Assignment
Copy every entry exactly as it reads and exclude whatever pictures appear.

Exercise input
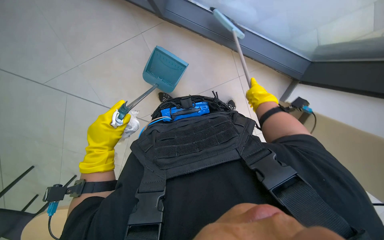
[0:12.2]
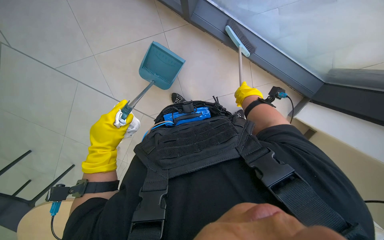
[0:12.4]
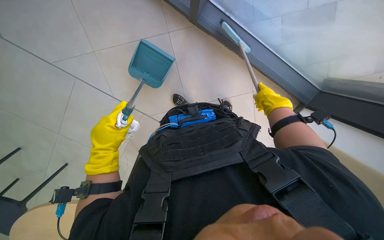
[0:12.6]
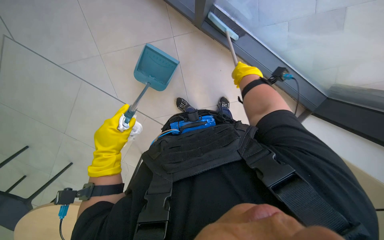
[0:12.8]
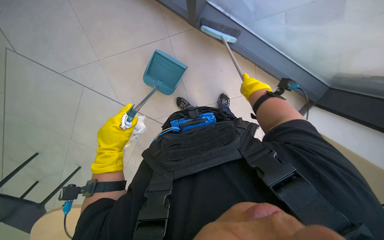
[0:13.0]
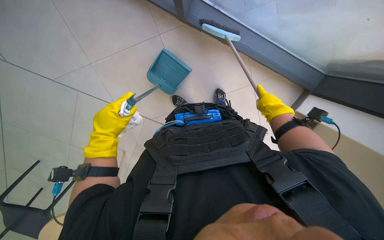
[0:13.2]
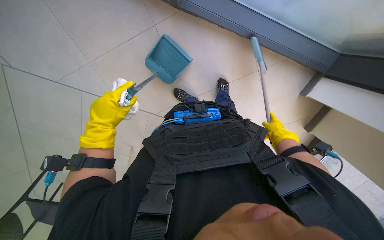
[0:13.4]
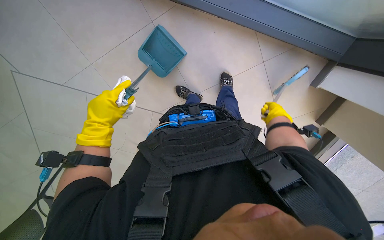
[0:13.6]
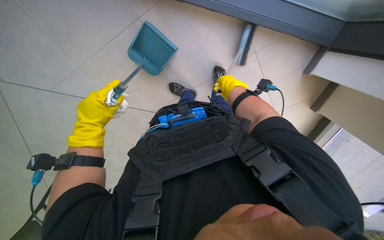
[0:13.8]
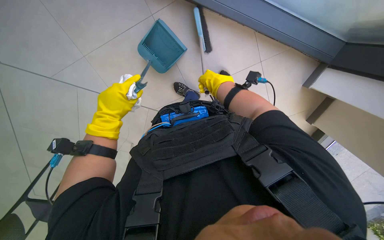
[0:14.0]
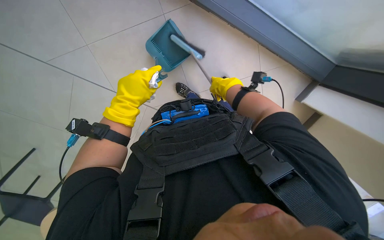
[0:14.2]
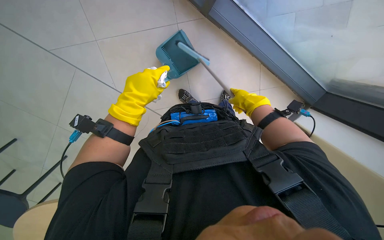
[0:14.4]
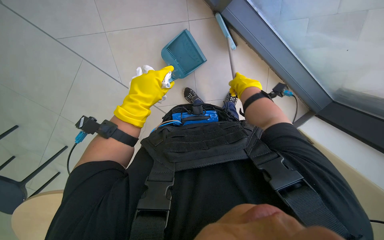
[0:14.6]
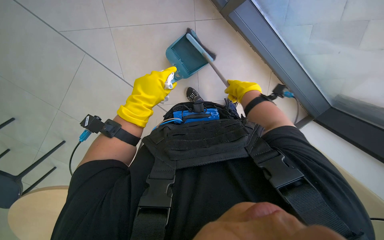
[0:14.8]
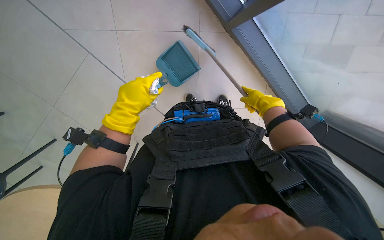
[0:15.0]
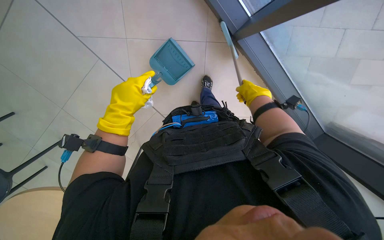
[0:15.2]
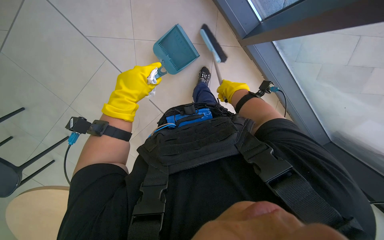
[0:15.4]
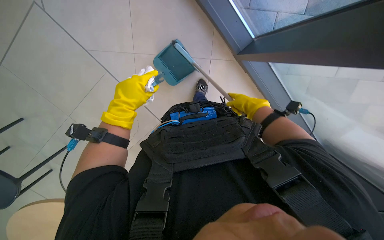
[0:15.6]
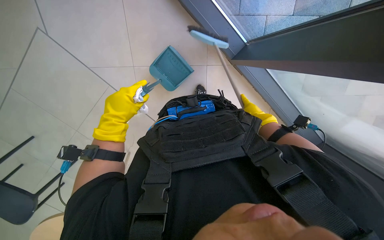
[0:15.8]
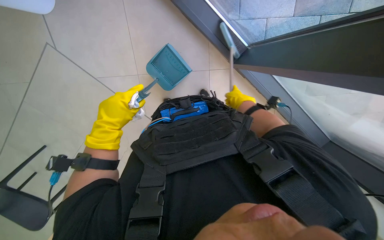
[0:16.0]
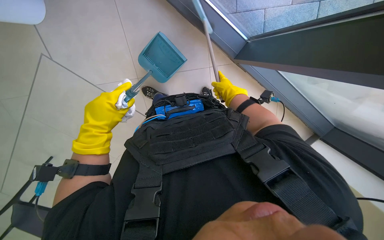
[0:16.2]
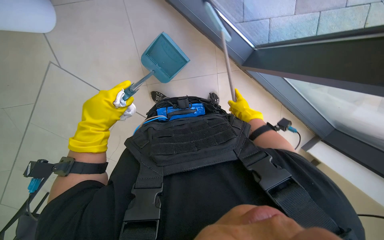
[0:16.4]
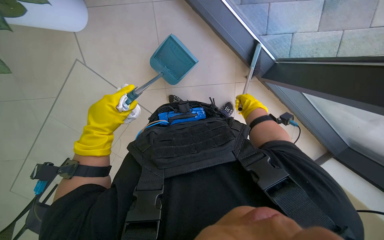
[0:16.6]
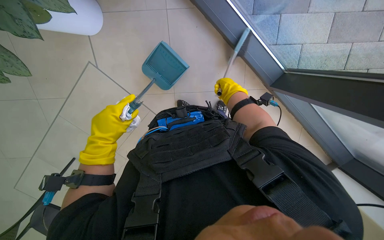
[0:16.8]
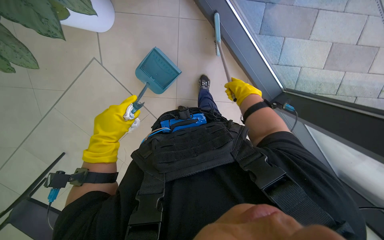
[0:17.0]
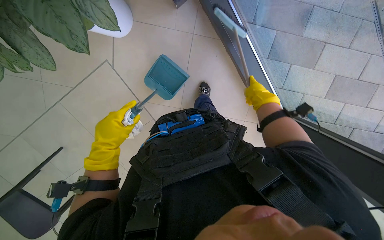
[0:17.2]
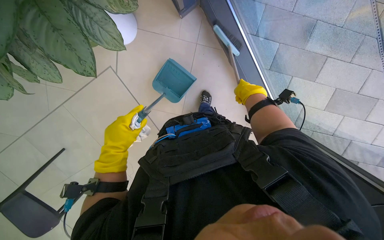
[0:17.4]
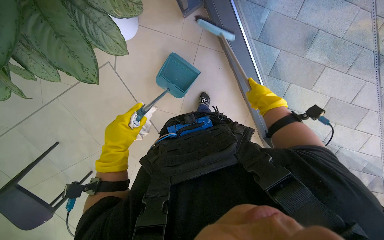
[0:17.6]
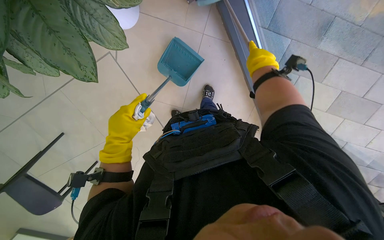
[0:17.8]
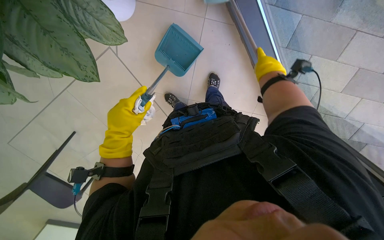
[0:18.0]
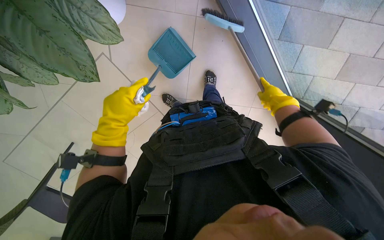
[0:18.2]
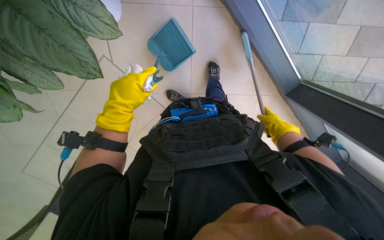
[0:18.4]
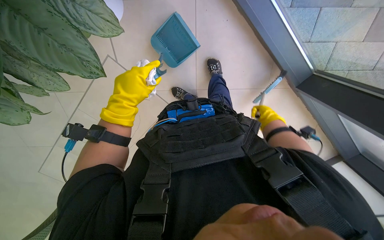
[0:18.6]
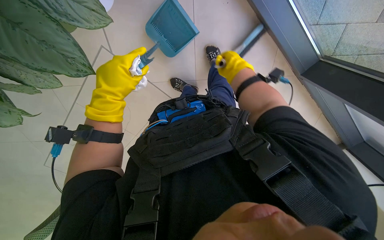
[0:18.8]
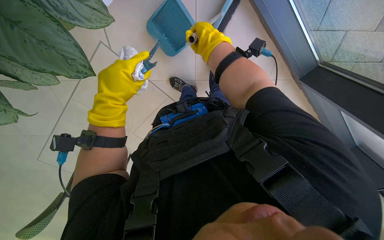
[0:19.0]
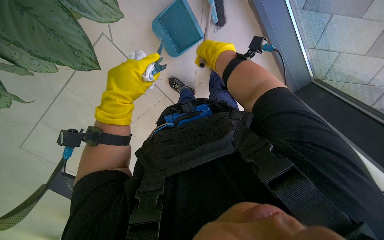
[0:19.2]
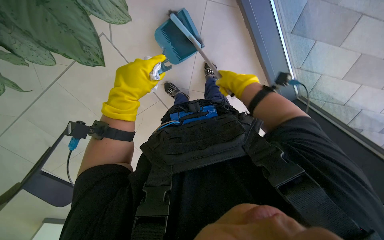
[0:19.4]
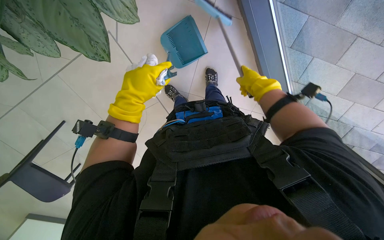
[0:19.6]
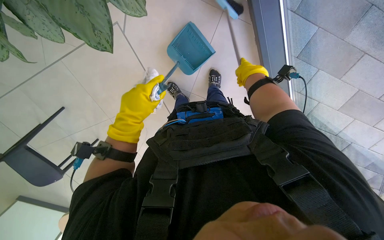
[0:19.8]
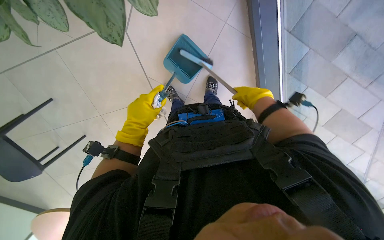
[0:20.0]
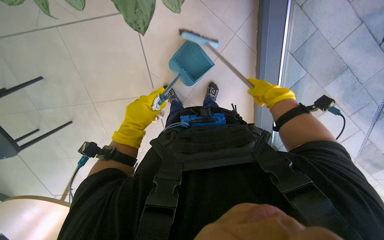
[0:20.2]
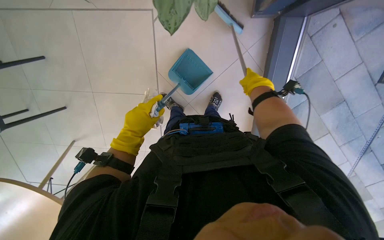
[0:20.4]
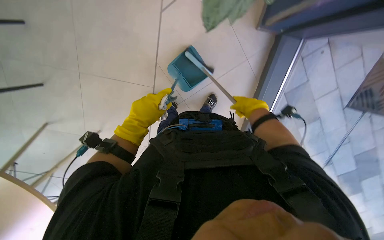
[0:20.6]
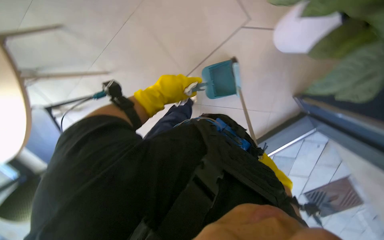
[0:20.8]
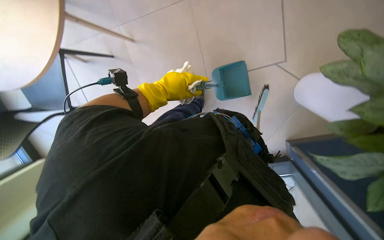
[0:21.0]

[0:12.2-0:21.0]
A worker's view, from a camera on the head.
Job: sweeping floor.
The whole recording: Sweeping floor with brush. The worker sweeps the floor with a brush and collects debris into a dustpan.
0:12.2 to 0:13.6: The right hand shifts roughly 20 cm down the picture, farther from the camera and to the right.
0:13.6 to 0:15.2: The right hand goes approximately 35 cm nearer to the camera, up the picture and to the left.
0:15.2 to 0:16.6: The right hand moves farther from the camera, some 10 cm.
0:16.6 to 0:18.0: The right hand goes some 25 cm up the picture and nearer to the camera.
0:18.0 to 0:19.6: The right hand moves left and right over some 25 cm, changing direction 2 times.
0:19.6 to 0:21.0: The view swings roughly 15 degrees to the right. The scene rotates clockwise by roughly 40 degrees.

Solution for this problem
[0:12.2]
[0:12.4]
[0:12.6]
[0:12.8]
[0:13.0]
[0:13.2]
[0:13.4]
[0:13.6]
[0:13.8]
[0:14.0]
[0:14.2]
[0:14.4]
[0:14.6]
[0:14.8]
[0:15.0]
[0:15.2]
[0:15.4]
[0:15.6]
[0:15.8]
[0:16.0]
[0:16.2]
[0:16.4]
[0:16.6]
[0:16.8]
[0:17.0]
[0:17.2]
[0:17.4]
[0:17.6]
[0:17.8]
[0:18.0]
[0:18.2]
[0:18.4]
[0:18.6]
[0:18.8]
[0:19.0]
[0:19.2]
[0:19.4]
[0:19.6]
[0:19.8]
[0:20.0]
[0:20.2]
[0:20.4]
[0:20.6]
[0:20.8]
[0:21.0]

[0:12.2-0:21.0]
A worker's view, from a camera on the head.
Job: sweeping floor.
The whole recording: Sweeping floor with brush. The worker sweeps the floor with a brush and collects debris into a dustpan.
0:12.2 to 0:13.6: The right hand shifts roughly 20 cm down the picture, farther from the camera and to the right.
0:13.6 to 0:15.2: The right hand goes approximately 35 cm nearer to the camera, up the picture and to the left.
0:15.2 to 0:16.6: The right hand moves farther from the camera, some 10 cm.
0:16.6 to 0:18.0: The right hand goes some 25 cm up the picture and nearer to the camera.
0:18.0 to 0:19.6: The right hand moves left and right over some 25 cm, changing direction 2 times.
0:19.6 to 0:21.0: The view swings roughly 15 degrees to the right. The scene rotates clockwise by roughly 40 degrees.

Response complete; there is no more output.